Yes. GetReadVersion must verify that satellite transaction logs have not been locked, so they’re still on the path for starting a (read-only) transaction. (This is to guard against the database having already recovered into the secondary, which would have required locking transaction logs in the satellite.)

The further you put your satellite logs from your primary in a multi-region config, the higher the latency of a GetReadVersion call will be. Depending on how much you trust your clocks or how much (rare) stale data would affect your application, you could evaluate setting CAUSAL_READ_RISKY to drop the “have my transaction logs been locked” check.

There are debug transactions, which cause CommitDebug trace events to be logged in the various server components when that transaction is being handled. I wrote a hacky chrome://tracing based visualization for those logs as well. There’s a transaction every 10s that already has this set, so for most casual analysis, you probably don’t need to change your client code.

1 Like

Thank you very much @alexmiller for the clarification.
We then should cache the global read version at DC1 to reduce read latency in favor of performance over consistency.

I will also try out the tool as well to understand more about FDB transactions. Thanks for the tool!

If you’re already okay with stale data even in the primary, I’d strongly suggest trying CAUSAL_READ_RISKY first. You can even default it to on for all transactions on the server via --always_causal_read_risky=1.

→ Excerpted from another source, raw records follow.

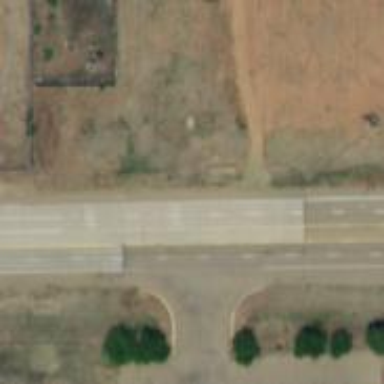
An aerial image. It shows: Primary highway.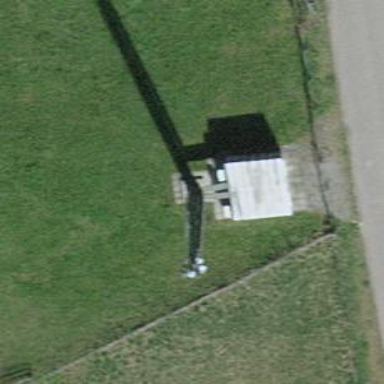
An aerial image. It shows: Communication mast tower.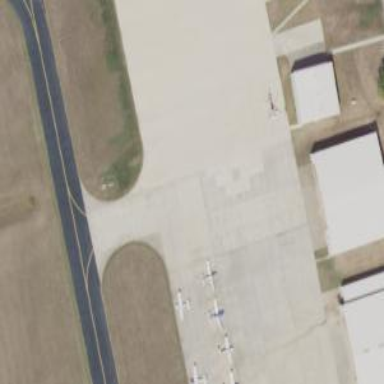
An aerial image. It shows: Image of taxiway at airport.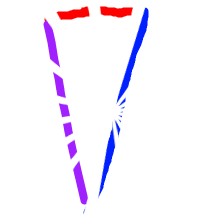
Shape: triangle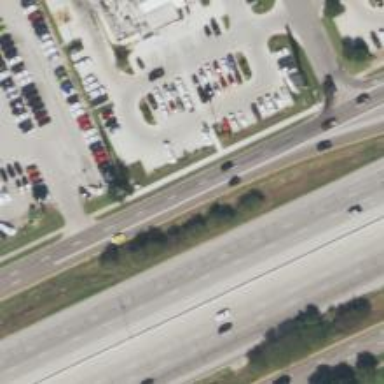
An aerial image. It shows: Secondary road with frontage road.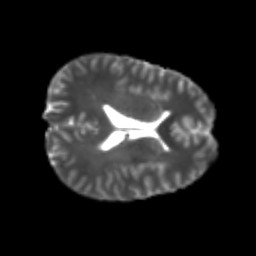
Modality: T2w
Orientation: axial
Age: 21
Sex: male
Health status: healthy
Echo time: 0.074 s
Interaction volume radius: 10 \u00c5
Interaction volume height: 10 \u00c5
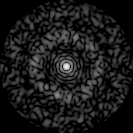
Disorder parameter: 0.7956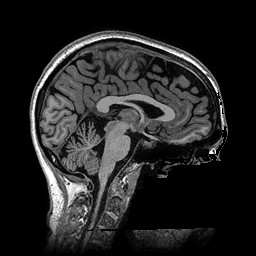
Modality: T1w
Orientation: sagittal
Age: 51
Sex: female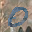
Label: 0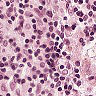
Metastatic tissue present: no
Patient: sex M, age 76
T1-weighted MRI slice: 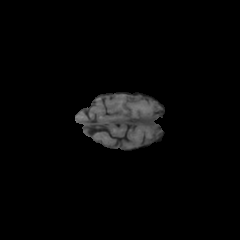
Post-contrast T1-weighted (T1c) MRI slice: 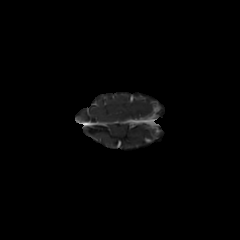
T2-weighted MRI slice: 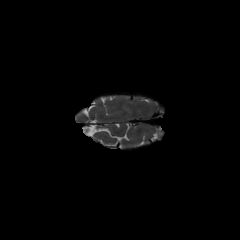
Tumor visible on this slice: no
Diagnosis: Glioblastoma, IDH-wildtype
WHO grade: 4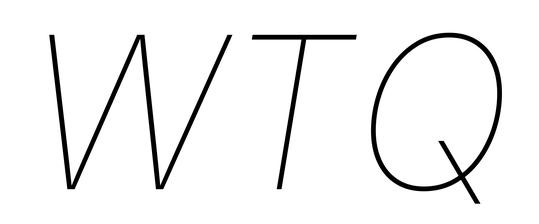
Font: Inter-Italic_Thin_Italic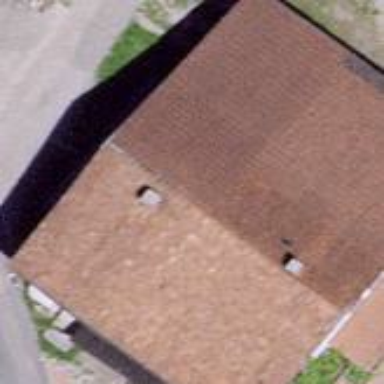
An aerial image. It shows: Building with gabled roof oriented across its structure.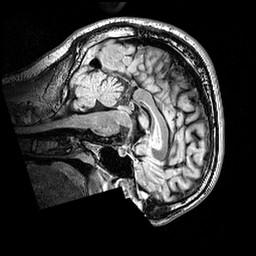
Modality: FLAIR
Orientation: sagittal
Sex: male
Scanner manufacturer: siemens
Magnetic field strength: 3 T
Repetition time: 5 s
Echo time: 0.395 s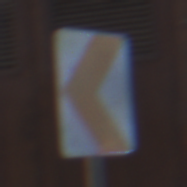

Reviving an older thread, after reading through Documentation: How FDB read and write path works in FDB 6.2 by xumengpanda · Pull Request #4099 · apple/foundationdb · GitHub, it said:

Step 3 (Confirm proxy’s liveness) : To prevent proxies that are no longer a part of the system (such as due to network partition) from serving requests, each proxy contacts the queuing system for each timestamp request to confirm it is still valid proxies. This is based on the FDB property that at most one active queuing system is available at any given time.

  • Why do we need this step? This is to achieve consensus (i.e., external consistency). Compared to serializable isolation, Strict Serializable Isolation (SSI) requires external consistency. It means the timestamp received by clients cannot decrease. If we do not have step and network partition happens, a set of old proxies that are disconnected from the rest of systems can still serve timestamp requests to clients. These timestamps can be smaller than the new generation of proxies, which breaks the external consistency in SSI.
  • O(n * m) communication cost: To confirm a proxy’s liveness, the proxy has to contact all members in the queuing system to ensure the queuing system is still active. This causes m network communication, where m is the number of processes in the queuing system. A system with n proxies will have O(n * m) network communications at the step 3. In our deployment, n is typically equal to m;
  • Do FDB production clusters have this overhead? No. Our production clusters disable the external consistency by configuring the knob ALWAYS_CAUSAL_READ_RISKY.

Specifically, production clusters are recommended to have ALWAYS_CAUSAL_READ_RISKY. While we set this ourselves directly (on every transaction that we use), does it make sense to set this knob instead (meaning does the cluster itself perform better when all internal FDB requests have this on?)

Saving O(n*m) calls seems significant enough that perhaps CAUSAL_READ_RISKY should be on-by-default anyway?

Good question.

DD moves data using transactions, which do not set the causal read risky. But it manually sets its version. See https://github.com/apple/foundationdb/blob/cea7336baed0c55fca6e2d93909fc7b4e413e25b/fdbserver/storageserver.actor.cpp#L1844-L1857

Changing the cluster’s knob may help reduce the overhead for other system-initiated transactions. But I don’t think we ever evaluated how much it will provide.

Changing the knob’s default value means we will have to say by default, we don’t support external consistency unless operators change the knob value. If an app relies on the property, we may accidentally break the app when its cluster upgrades.